**INFORMATION**
___
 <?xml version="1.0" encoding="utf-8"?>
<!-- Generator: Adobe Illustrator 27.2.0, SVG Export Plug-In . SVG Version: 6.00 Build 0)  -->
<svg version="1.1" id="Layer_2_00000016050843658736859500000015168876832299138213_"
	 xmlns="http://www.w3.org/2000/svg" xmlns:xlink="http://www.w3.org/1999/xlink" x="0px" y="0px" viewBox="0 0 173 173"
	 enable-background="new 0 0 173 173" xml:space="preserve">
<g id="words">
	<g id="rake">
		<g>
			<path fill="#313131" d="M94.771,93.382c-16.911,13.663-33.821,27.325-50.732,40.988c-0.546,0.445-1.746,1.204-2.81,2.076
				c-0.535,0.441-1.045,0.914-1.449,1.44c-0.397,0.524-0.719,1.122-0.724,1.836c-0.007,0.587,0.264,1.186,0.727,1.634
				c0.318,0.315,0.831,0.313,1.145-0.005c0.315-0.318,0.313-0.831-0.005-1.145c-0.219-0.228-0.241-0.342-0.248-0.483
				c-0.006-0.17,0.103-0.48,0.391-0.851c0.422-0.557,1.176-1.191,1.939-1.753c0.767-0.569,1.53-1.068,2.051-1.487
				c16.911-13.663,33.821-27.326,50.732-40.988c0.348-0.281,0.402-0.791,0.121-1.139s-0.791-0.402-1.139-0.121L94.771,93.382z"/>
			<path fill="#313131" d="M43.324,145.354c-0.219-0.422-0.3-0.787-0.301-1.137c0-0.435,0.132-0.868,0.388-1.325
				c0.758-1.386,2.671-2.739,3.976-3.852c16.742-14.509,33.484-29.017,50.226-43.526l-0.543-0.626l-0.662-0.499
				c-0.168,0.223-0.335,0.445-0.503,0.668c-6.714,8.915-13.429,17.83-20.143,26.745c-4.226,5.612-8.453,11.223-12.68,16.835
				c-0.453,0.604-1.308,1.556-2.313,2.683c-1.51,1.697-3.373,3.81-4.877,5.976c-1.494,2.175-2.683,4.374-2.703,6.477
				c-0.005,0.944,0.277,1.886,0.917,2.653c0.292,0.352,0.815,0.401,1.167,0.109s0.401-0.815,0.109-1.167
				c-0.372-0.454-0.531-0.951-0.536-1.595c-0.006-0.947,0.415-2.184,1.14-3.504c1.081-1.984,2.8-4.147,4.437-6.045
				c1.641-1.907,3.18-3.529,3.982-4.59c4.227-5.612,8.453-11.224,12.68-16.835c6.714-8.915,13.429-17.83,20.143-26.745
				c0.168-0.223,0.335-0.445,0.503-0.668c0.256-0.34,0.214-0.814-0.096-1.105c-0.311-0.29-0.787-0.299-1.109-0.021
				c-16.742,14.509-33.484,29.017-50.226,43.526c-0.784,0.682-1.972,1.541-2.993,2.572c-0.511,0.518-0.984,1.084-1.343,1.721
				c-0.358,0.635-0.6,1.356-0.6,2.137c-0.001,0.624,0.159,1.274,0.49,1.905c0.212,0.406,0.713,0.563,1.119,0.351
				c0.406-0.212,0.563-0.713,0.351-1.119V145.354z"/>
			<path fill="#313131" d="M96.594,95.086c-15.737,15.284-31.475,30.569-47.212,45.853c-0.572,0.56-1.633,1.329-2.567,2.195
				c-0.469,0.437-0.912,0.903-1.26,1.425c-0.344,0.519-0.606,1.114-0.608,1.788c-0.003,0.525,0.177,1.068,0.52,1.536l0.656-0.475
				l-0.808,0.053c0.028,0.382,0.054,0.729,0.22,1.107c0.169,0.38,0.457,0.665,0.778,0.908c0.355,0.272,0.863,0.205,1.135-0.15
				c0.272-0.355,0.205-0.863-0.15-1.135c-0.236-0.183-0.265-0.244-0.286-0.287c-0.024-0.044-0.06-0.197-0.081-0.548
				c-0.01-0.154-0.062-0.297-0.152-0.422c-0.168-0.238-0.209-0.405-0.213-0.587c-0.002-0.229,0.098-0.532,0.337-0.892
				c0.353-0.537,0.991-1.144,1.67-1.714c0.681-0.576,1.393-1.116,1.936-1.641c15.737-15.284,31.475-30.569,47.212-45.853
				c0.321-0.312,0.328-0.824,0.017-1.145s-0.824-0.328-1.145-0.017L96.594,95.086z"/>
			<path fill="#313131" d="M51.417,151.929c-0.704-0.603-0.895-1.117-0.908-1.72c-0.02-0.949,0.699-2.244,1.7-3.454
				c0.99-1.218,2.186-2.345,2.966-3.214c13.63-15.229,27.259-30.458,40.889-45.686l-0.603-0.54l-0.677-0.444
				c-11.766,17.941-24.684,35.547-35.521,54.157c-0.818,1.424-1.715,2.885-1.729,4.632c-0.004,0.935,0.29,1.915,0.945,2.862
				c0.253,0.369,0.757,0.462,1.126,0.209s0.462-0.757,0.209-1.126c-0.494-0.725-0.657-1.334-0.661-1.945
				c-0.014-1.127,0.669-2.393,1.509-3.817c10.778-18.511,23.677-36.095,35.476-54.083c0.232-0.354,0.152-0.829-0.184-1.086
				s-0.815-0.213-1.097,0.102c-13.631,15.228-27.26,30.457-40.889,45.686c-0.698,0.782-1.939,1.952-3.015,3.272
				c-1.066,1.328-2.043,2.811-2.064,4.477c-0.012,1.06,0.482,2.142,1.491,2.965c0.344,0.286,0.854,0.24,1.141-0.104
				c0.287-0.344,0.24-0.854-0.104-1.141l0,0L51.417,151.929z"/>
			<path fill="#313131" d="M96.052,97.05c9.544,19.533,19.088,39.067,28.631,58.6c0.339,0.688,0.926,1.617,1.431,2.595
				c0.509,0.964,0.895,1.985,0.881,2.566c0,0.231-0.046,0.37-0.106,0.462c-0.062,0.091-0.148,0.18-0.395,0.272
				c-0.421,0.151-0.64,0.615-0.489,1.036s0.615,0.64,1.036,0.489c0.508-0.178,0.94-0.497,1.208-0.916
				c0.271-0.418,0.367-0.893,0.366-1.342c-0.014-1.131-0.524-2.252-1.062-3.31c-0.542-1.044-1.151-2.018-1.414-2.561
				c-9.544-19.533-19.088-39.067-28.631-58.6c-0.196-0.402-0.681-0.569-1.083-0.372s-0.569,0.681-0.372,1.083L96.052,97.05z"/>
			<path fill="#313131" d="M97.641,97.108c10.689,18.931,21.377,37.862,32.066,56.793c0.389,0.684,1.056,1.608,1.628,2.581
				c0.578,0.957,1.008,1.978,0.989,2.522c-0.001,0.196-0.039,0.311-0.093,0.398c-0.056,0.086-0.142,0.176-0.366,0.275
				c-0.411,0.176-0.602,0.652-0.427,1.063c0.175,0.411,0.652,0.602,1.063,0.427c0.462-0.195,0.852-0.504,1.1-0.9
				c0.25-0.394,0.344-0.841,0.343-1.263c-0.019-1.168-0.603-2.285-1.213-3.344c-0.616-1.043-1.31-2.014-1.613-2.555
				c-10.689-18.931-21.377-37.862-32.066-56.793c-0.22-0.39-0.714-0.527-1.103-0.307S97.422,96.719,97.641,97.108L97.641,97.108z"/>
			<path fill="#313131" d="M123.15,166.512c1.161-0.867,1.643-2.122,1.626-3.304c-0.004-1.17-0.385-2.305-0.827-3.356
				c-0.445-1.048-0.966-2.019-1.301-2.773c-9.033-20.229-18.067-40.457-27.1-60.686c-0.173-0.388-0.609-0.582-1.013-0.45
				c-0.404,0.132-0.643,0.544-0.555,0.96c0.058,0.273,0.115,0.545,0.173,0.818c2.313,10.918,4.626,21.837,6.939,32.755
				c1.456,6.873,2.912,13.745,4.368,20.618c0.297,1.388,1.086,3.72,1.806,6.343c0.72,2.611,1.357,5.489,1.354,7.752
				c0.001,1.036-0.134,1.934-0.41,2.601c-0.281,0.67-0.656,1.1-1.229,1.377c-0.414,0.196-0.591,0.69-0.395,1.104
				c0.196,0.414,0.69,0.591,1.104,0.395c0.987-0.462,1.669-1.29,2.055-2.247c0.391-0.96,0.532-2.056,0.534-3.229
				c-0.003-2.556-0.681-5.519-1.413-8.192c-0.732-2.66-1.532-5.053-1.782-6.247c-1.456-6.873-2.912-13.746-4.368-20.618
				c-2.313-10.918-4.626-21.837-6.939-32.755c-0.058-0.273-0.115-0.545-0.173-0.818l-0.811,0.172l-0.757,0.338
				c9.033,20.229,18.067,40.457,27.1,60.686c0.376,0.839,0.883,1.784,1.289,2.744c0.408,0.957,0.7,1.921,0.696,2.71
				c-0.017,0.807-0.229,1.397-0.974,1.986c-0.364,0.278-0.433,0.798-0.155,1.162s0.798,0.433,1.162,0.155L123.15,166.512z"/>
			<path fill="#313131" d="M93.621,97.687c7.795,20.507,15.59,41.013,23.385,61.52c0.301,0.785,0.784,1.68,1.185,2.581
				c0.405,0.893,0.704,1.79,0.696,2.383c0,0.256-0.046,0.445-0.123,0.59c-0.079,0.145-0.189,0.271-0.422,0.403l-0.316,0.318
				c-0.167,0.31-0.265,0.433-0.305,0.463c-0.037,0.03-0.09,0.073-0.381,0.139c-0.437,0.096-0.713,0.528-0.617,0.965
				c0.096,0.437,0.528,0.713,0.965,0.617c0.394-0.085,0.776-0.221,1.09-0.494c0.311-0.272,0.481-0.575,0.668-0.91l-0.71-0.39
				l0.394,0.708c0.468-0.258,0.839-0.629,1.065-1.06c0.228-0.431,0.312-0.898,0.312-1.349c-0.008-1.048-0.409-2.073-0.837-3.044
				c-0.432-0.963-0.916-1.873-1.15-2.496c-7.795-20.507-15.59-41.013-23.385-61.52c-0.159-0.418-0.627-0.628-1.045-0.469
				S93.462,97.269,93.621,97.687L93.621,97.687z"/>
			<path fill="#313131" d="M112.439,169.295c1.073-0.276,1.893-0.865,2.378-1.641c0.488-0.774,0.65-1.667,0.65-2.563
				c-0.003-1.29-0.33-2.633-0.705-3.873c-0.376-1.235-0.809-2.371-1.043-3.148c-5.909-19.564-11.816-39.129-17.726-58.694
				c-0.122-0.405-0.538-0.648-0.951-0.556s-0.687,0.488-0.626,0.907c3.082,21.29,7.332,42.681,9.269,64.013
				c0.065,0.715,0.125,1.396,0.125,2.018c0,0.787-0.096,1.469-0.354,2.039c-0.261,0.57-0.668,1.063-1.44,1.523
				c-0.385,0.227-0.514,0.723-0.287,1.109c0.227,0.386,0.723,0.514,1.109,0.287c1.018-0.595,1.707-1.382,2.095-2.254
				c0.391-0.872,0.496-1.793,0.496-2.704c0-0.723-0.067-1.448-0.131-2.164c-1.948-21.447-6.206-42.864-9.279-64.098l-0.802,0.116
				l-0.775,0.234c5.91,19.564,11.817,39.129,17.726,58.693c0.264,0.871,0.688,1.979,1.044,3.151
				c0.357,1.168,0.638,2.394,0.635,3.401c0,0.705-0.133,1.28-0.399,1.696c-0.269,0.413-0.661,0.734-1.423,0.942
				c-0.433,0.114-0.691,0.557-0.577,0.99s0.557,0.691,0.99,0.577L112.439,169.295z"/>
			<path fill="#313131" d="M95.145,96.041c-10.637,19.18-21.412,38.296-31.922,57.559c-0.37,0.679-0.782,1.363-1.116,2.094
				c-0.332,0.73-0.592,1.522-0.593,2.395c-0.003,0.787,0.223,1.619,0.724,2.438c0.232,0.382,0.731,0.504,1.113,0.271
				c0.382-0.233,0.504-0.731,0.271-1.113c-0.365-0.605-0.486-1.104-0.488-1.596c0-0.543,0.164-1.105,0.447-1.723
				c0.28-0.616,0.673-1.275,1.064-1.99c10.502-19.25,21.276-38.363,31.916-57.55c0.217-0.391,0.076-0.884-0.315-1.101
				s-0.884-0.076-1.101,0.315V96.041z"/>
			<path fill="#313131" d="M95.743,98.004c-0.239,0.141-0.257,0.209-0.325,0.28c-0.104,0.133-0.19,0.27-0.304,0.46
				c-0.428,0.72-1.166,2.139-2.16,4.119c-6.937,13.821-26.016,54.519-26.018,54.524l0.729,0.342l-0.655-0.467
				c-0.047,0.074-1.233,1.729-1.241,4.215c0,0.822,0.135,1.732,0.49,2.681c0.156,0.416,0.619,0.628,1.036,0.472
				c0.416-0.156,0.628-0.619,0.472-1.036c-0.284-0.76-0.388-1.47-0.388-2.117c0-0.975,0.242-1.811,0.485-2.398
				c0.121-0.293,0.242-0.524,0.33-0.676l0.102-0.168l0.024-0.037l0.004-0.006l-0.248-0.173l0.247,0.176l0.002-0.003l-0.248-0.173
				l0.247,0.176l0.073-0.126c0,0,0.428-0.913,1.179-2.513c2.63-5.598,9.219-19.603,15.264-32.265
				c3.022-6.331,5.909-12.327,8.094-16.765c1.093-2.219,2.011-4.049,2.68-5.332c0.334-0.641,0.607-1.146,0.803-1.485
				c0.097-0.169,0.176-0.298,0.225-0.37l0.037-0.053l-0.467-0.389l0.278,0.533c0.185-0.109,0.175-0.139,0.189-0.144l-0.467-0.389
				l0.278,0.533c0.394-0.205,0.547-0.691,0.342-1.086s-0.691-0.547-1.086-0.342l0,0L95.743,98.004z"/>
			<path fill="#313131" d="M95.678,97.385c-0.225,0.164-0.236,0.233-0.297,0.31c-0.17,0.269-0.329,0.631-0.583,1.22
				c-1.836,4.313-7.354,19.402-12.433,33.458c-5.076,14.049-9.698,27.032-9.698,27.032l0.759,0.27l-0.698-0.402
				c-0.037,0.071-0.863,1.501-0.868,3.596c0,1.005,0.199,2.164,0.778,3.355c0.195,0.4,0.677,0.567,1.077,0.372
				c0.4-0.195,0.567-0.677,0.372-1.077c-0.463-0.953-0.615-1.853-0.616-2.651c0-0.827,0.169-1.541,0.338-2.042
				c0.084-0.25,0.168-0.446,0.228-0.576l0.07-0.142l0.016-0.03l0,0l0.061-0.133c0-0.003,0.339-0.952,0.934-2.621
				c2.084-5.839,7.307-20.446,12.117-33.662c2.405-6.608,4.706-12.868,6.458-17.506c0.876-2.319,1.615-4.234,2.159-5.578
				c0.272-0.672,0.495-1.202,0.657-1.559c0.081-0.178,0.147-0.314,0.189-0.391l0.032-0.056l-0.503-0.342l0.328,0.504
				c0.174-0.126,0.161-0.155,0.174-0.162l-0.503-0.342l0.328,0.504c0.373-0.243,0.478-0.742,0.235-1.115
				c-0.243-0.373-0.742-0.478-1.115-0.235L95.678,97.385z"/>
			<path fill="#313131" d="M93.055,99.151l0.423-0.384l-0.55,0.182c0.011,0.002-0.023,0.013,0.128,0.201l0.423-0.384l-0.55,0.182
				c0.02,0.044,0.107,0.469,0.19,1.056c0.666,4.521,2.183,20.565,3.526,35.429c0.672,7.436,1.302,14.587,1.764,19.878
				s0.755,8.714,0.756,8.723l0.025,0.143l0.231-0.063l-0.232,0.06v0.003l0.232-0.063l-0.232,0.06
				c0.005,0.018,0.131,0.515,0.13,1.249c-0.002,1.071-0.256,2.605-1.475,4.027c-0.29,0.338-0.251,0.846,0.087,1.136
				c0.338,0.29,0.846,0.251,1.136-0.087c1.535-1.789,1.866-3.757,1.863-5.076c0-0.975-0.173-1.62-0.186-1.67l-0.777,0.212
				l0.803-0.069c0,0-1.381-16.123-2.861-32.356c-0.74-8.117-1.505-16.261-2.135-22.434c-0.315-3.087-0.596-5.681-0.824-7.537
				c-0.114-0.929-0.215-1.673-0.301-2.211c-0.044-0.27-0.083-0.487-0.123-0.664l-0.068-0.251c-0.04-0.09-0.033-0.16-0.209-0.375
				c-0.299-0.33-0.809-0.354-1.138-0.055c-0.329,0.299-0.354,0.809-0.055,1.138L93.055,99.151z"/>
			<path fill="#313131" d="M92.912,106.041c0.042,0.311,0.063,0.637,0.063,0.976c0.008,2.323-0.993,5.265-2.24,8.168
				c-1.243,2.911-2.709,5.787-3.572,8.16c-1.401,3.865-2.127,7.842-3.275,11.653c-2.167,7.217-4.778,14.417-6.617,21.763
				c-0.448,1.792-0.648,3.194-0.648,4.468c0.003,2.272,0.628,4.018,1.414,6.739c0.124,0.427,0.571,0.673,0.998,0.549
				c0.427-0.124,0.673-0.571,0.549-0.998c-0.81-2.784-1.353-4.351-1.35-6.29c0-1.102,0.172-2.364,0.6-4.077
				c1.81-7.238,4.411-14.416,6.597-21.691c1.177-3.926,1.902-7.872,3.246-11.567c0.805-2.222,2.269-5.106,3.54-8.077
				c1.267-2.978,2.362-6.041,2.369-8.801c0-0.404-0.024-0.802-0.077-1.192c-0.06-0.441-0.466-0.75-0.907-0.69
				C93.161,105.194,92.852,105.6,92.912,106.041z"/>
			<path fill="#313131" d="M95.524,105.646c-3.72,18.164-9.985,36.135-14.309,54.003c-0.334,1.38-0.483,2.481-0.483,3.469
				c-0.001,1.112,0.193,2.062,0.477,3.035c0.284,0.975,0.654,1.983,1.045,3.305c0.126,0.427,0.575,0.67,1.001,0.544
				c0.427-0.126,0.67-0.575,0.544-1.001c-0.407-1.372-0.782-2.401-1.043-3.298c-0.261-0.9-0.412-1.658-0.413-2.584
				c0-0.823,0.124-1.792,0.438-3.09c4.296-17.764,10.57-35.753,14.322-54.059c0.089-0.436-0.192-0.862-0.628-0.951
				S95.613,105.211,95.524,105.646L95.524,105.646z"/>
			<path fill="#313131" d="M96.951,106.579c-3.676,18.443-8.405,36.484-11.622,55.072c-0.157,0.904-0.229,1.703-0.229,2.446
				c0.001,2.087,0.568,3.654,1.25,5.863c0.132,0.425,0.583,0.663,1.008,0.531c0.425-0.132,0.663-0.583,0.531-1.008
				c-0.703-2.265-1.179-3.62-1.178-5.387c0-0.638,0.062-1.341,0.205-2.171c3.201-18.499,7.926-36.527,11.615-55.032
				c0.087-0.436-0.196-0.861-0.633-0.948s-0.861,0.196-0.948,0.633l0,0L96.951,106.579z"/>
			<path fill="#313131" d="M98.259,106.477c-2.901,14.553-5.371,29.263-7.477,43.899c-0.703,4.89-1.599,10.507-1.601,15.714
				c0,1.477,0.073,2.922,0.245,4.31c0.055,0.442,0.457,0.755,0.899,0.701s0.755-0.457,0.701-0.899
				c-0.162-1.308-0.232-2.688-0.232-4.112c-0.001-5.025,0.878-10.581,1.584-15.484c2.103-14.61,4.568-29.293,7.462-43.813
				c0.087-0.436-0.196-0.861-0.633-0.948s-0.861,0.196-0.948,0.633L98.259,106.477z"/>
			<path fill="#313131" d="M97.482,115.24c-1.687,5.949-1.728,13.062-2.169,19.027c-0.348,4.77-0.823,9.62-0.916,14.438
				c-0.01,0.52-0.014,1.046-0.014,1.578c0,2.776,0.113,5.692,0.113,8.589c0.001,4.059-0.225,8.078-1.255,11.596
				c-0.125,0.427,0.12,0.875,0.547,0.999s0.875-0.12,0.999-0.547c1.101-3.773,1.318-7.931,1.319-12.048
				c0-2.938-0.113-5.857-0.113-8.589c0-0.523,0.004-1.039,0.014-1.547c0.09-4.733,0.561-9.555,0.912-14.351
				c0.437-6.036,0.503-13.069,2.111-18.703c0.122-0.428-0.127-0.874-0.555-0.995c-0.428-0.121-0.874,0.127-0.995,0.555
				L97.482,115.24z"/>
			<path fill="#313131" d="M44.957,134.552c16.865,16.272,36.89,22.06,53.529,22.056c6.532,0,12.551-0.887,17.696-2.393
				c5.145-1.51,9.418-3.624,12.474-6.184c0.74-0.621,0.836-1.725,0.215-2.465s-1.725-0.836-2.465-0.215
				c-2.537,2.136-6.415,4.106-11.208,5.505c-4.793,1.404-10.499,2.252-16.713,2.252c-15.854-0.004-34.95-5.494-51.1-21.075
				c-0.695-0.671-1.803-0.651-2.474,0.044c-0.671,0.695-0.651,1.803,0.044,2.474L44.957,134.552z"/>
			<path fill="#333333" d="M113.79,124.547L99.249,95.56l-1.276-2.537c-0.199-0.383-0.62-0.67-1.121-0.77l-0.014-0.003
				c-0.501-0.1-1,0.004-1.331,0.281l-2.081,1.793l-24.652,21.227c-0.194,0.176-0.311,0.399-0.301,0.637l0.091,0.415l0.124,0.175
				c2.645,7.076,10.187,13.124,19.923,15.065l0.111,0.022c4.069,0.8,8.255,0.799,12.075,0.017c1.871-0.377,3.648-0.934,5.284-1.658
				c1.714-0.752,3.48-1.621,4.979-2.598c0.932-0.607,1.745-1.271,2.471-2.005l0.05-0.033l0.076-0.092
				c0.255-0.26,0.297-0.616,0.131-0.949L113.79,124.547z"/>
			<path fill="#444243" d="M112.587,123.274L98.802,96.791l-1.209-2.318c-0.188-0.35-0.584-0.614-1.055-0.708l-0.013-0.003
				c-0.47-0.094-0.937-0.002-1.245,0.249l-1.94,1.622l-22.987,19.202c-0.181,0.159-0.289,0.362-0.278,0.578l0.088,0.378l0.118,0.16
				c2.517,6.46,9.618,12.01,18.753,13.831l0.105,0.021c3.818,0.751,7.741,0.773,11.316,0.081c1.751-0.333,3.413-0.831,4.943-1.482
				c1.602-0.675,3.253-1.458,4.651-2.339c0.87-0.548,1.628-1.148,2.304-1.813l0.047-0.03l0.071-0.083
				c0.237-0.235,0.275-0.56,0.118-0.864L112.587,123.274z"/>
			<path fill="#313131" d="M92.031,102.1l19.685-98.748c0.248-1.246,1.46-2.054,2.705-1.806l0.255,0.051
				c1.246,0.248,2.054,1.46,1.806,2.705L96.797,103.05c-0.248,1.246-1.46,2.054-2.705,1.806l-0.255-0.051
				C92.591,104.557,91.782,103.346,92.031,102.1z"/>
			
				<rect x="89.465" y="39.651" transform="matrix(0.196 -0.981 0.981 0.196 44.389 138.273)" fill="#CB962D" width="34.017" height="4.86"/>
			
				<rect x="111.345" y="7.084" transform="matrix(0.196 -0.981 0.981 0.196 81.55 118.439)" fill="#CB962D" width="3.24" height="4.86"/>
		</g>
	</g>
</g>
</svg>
___
**TASK ITEM**
From the entries, copy every line in which the string "rect" can be found.

**EXPECTED OUTPUT**
				<rect x="89.465" y="39.651" transform="matrix(0.196 -0.981 0.981 0.196 44.389 138.273)" fill="#CB962D" width="34.017" height="4.86"/>
				<rect x="111.345" y="7.084" transform="matrix(0.196 -0.981 0.981 0.196 81.55 118.439)" fill="#CB962D" width="3.24" height="4.86"/>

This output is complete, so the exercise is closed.